心配していた父親のケガも、まったく大したことはなかった。
スタッフのかたのいうように、そういえば眉からおでこあたりが、ちょっとアオナジミになってはいるが、本人もいたって元気。
「どこも痛いとこない?」
「ないよ、元気だよ」

こうして父親の入所から二年が経った。
脚が弱ったこと以外、そして、時々の体調不良以外、思ったほどアタマの具合も悪くならない。
英語のスペルも読めるし漢字も読める。
こんなことなら家でなんとか、と家族はつい思ってしまうが、こんな平穏がプロの手で守られ続いていることは明らかだ。
今年一年も本当にありがとうございました、とご挨拶しつつ帰宅する。

ホームからの帰り、近くの大きなお寺の境内で、毎回のように涙し、そこで気持ちを入れ替え母親の待つ家に戻っていたが、そういえば、そんなこともだんだんに少なくなっている。
月日は人を慰め、ちょっとだけ強くする。


一昨日のライブでは、遠方からのお客さまもいらした。
88歳のお母さまもご一緒の、広島の親孝行息子さんやら、福知山脱線事故のチャリティーライブからのお付き合いのかたやら、もう長い長いご縁が、いまに続いている。

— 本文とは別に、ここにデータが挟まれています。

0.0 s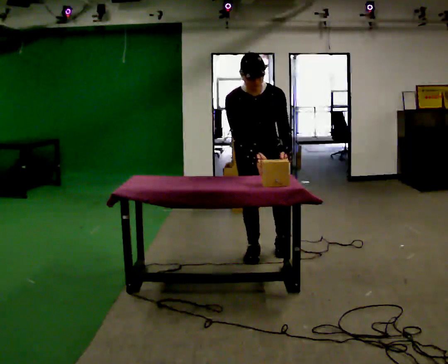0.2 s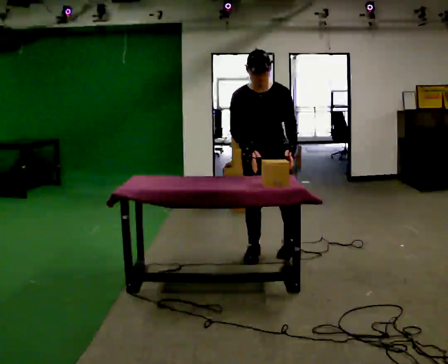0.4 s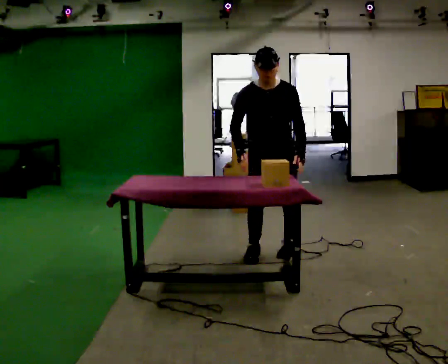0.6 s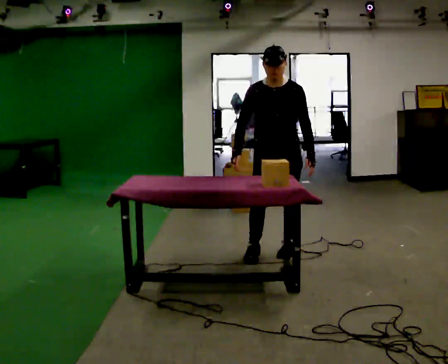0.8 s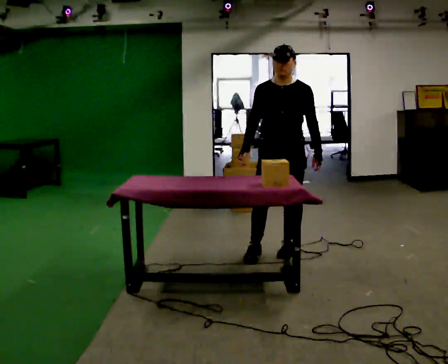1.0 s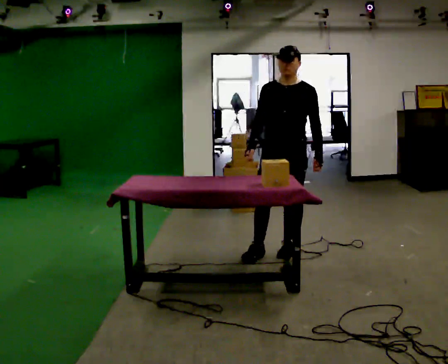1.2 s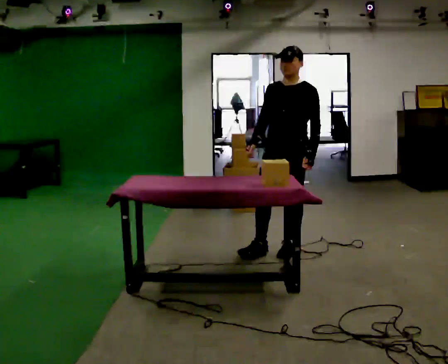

19年待って、この朝、孫にやっと心臓移植の通知が来ましたと「喜び」という言葉では表せないような涙を流すご夫婦も、思えばなんと長いご縁だろう。

歌い手としての自分、そして娘としての自分。
まったく大したことはしていないし、自信もないが、でもまあ、それなりにベストは尽くしてきたんだもんなあ。
色々な方々に支えれら助けられ、なんとかやってきたんだもんなあ。
そんなありがたい気持ちでいっぱいになる。

あと一日、今年は残っている。
大掃除も何も、特別なことは何もしない。
もはやそんなチカラがない。
ただただ、私を支えてくださった多くの皆さまに、心からの感謝をお伝えしたいと思う。

いくら申し上げても足りないのですが。
皆さま、本当にありがとうございました。